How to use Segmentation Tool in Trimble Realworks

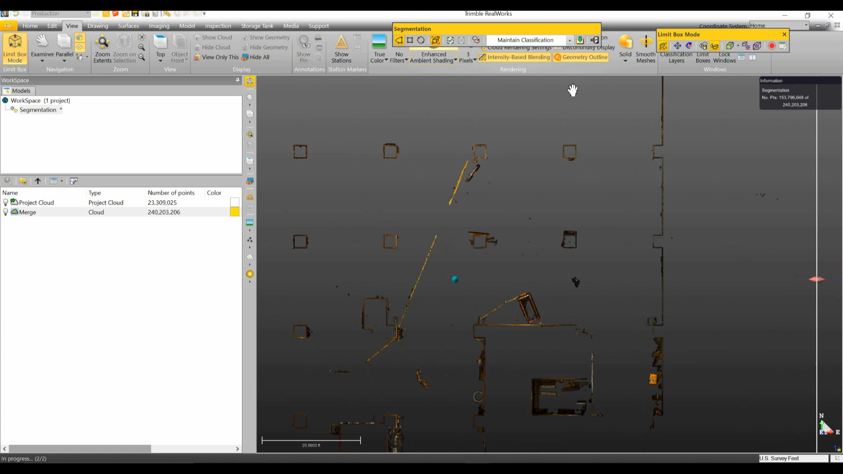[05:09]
Another little tip that you can actually do is while you're clicking, if you have an area that you can quickly go through, if you hold down the shift key, it'll allow you to just paint the area instead of having to click in between each node.
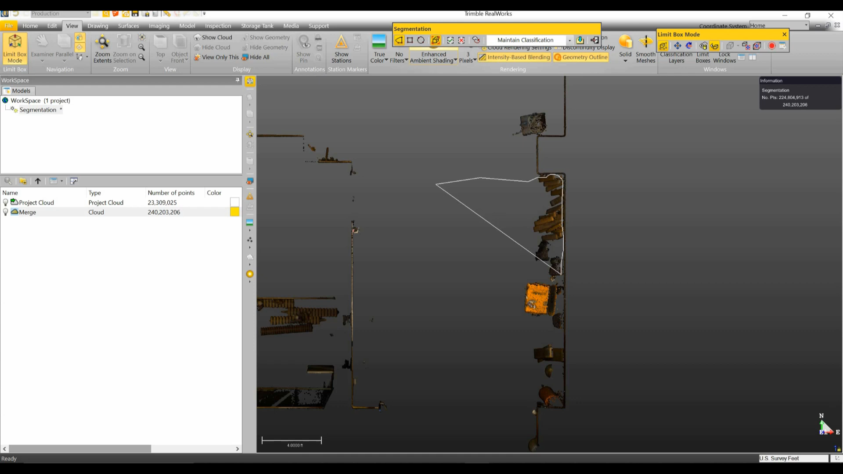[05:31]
So you have your main area clean.
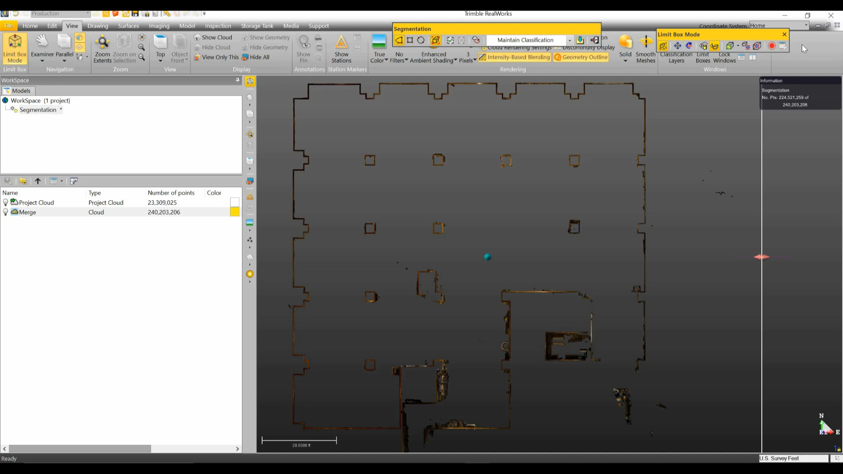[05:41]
The main thing you're going to want to focus on is turning off your limit box before you hit the create.
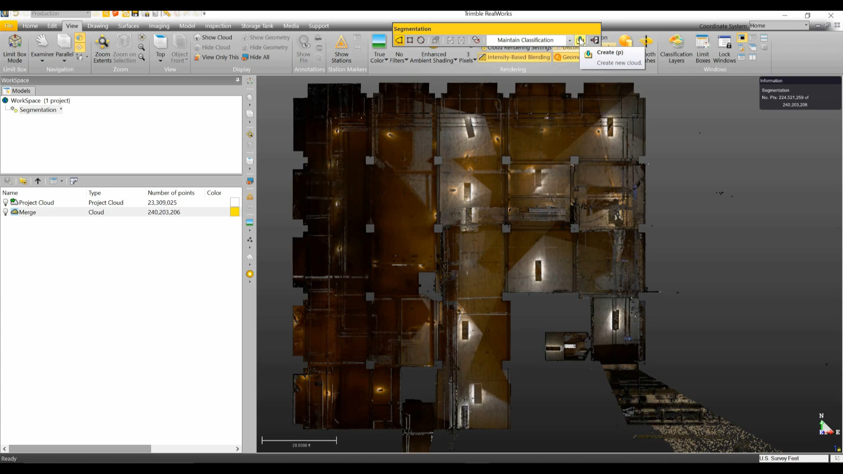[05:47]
So I turn my limit box off. I'll then hit the create button.
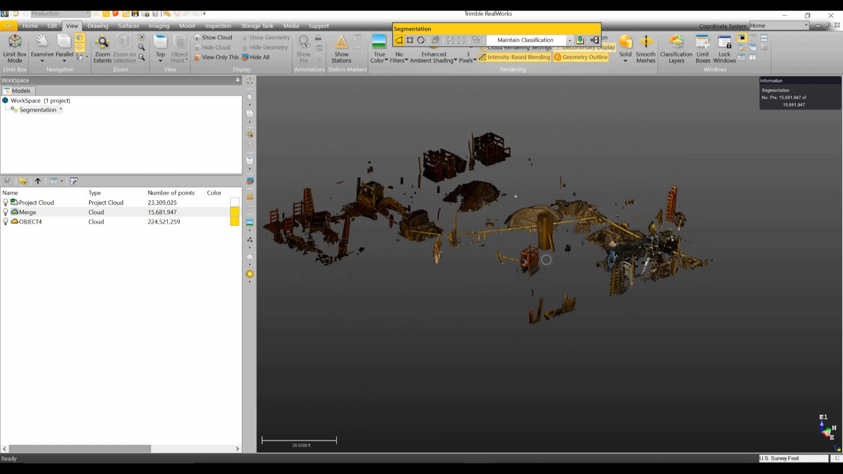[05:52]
And now you can see all the trash is now on its own region. And actually I messed up right here.
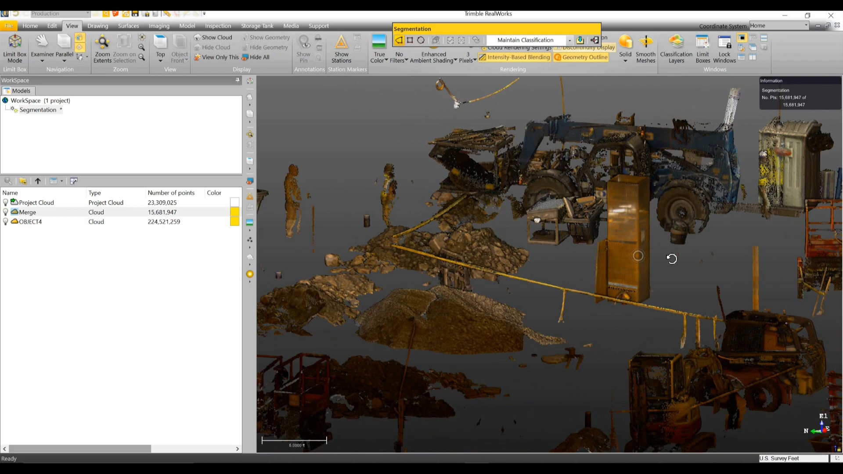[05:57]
And one of the columns went into the trash region, but I'll show you how to put that back. And then we can close.
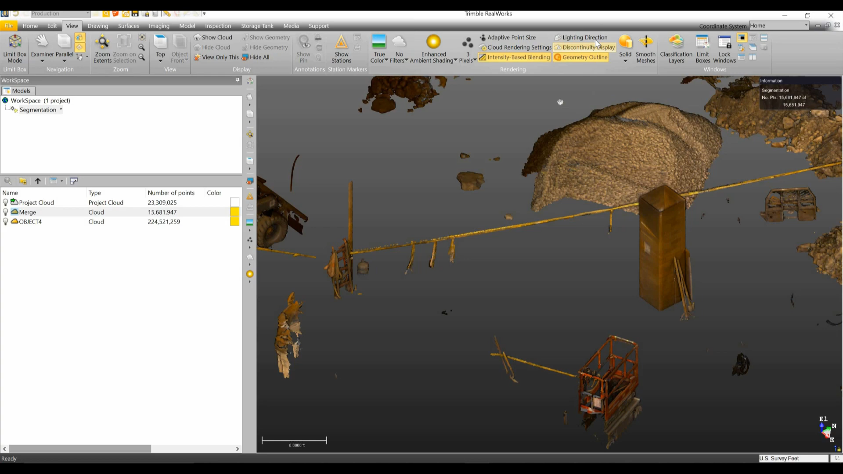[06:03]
So now if I look at my object and I go down into my station based view,
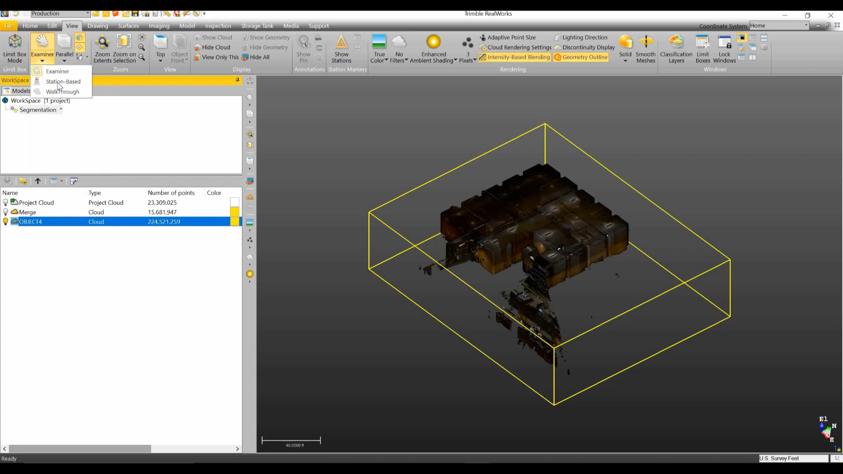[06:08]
you can see all those pieces now are now have been removed and are now no longer part of the project cloud. So if you do make a mistake, so here's my object four, which I can call this my cleaned up
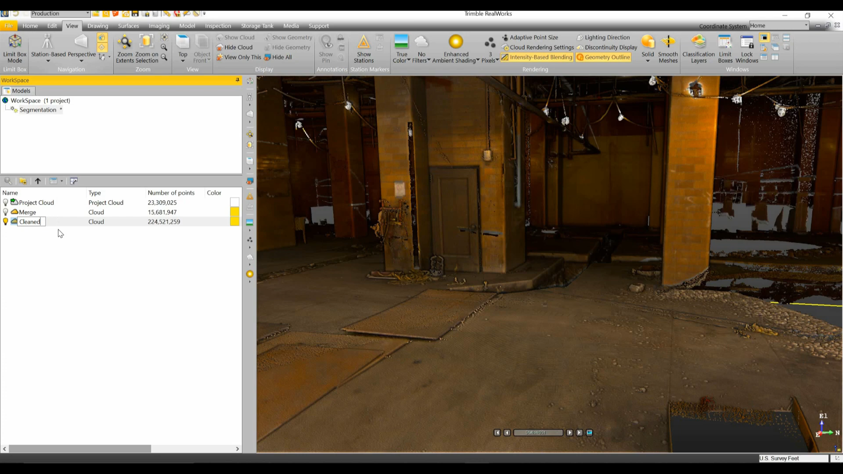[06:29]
cloud.
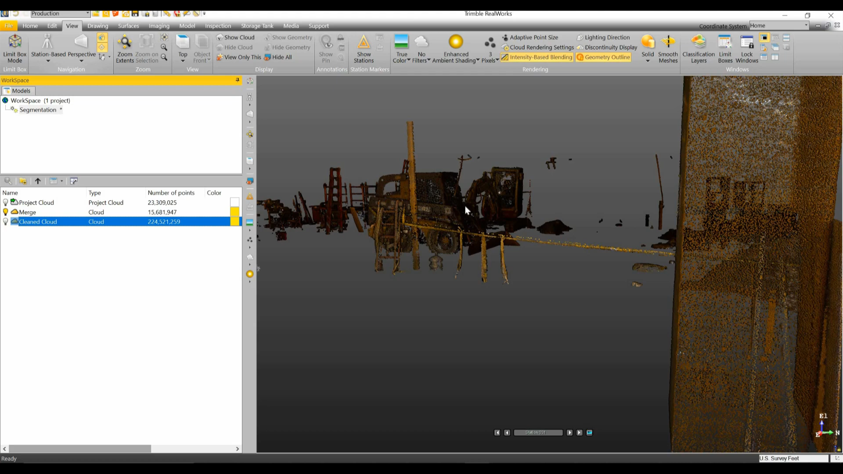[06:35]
I'll now go back into my merge command or go back in my merge cloud.
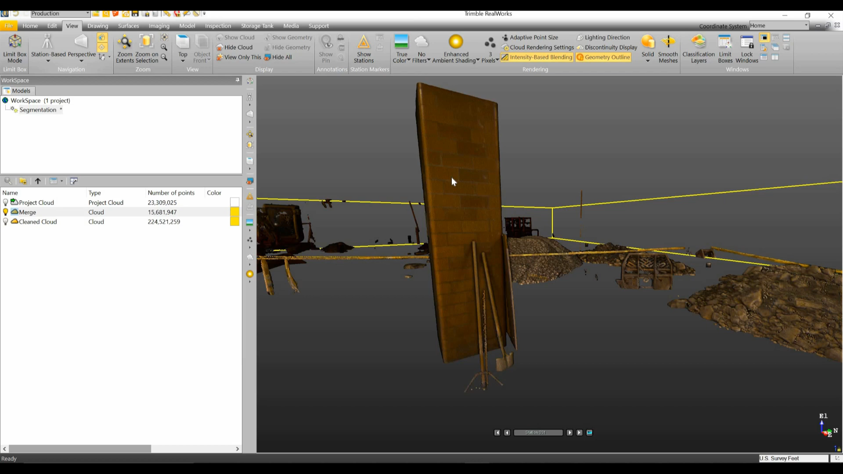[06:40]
And we see we have this one column that I mistakenly removed. So what I can do now is I can go back in my examiner view,
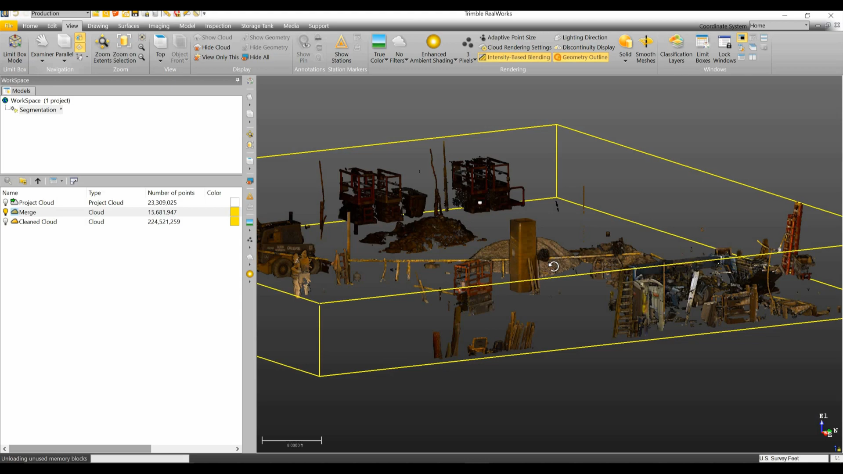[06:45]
find that column under the home tab. I can go back under segmentation. I'll grab that column and I'll say go ahead and keep that in.
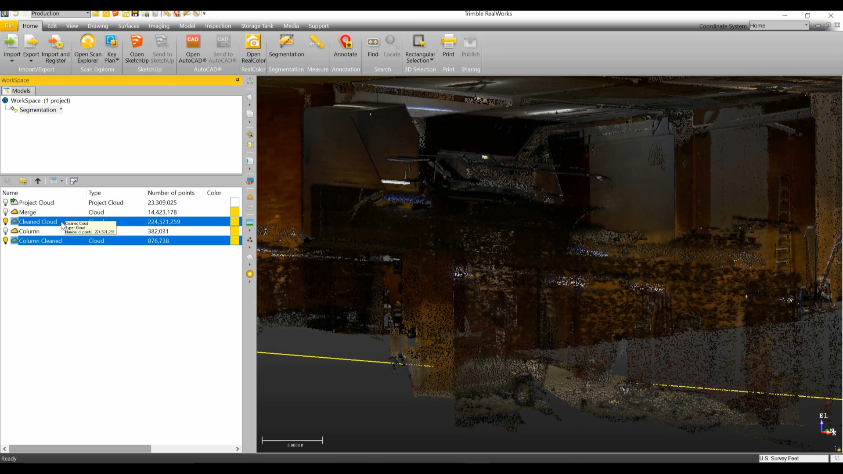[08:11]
Right click and say merge the clouds. And that will give me this merge.
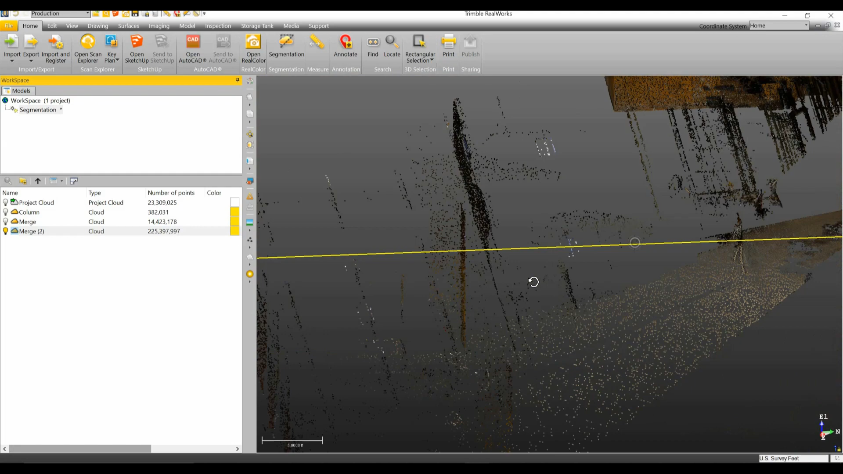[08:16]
Go to my view.
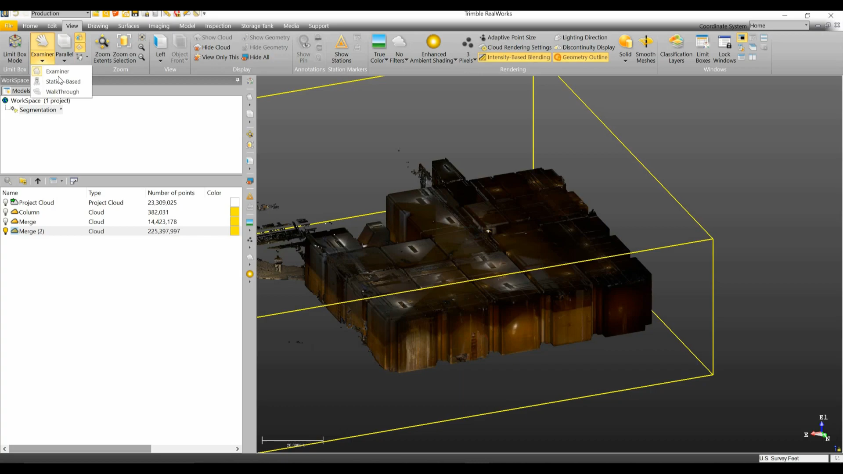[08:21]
Station based.
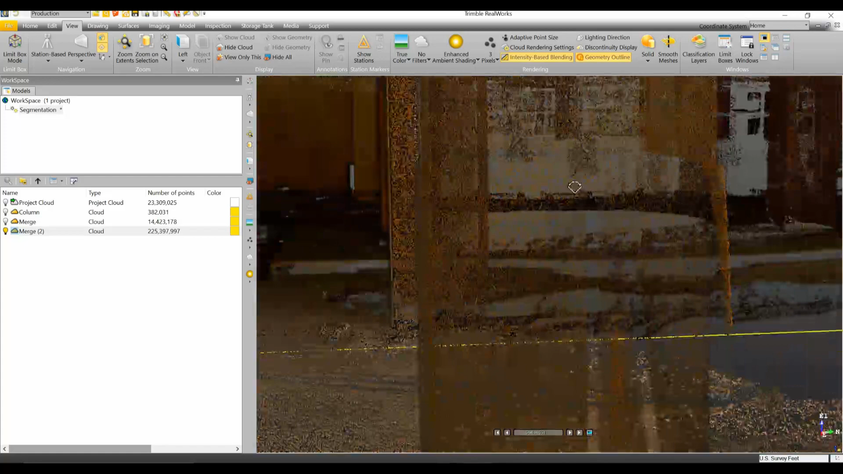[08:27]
And now we can see that column is back in place right where it belongs.

WHAT YOU ARE ASKED TO DO
When restating the records word for word, omit any picture they contain.

OUTPUT
How to use Segmentation Tool in Trimble Realworks

[05:09]
Another little tip that you can actually do is while you're clicking, if you have an area that you can quickly go through, if you hold down the shift key, it'll allow you to just paint the area instead of having to click in between each node.
[05:31]
So you have your main area clean.
[05:41]
The main thing you're going to want to focus on is turning off your limit box before you hit the create.
[05:47]
So I turn my limit box off. I'll then hit the create button.
[05:52]
And now you can see all the trash is now on its own region. And actually I messed up right here.
[05:57]
And one of the columns went into the trash region, but I'll show you how to put that back. And then we can close.
[06:03]
So now if I look at my object and I go down into my station based view,
[06:08]
you can see all those pieces now are now have been removed and are now no longer part of the project cloud. So if you do make a mistake, so here's my object four, which I can call this my cleaned up
[06:29]
cloud.
[06:35]
I'll now go back into my merge command or go back in my merge cloud.
[06:40]
And we see we have this one column that I mistakenly removed. So what I can do now is I can go back in my examiner view,
[06:45]
find that column under the home tab. I can go back under segmentation. I'll grab that column and I'll say go ahead and keep that in.
[08:11]
Right click and say merge the clouds. And that will give me this merge.
[08:16]
Go to my view.
[08:21]
Station based.
[08:27]
And now we can see that column is back in place right where it belongs.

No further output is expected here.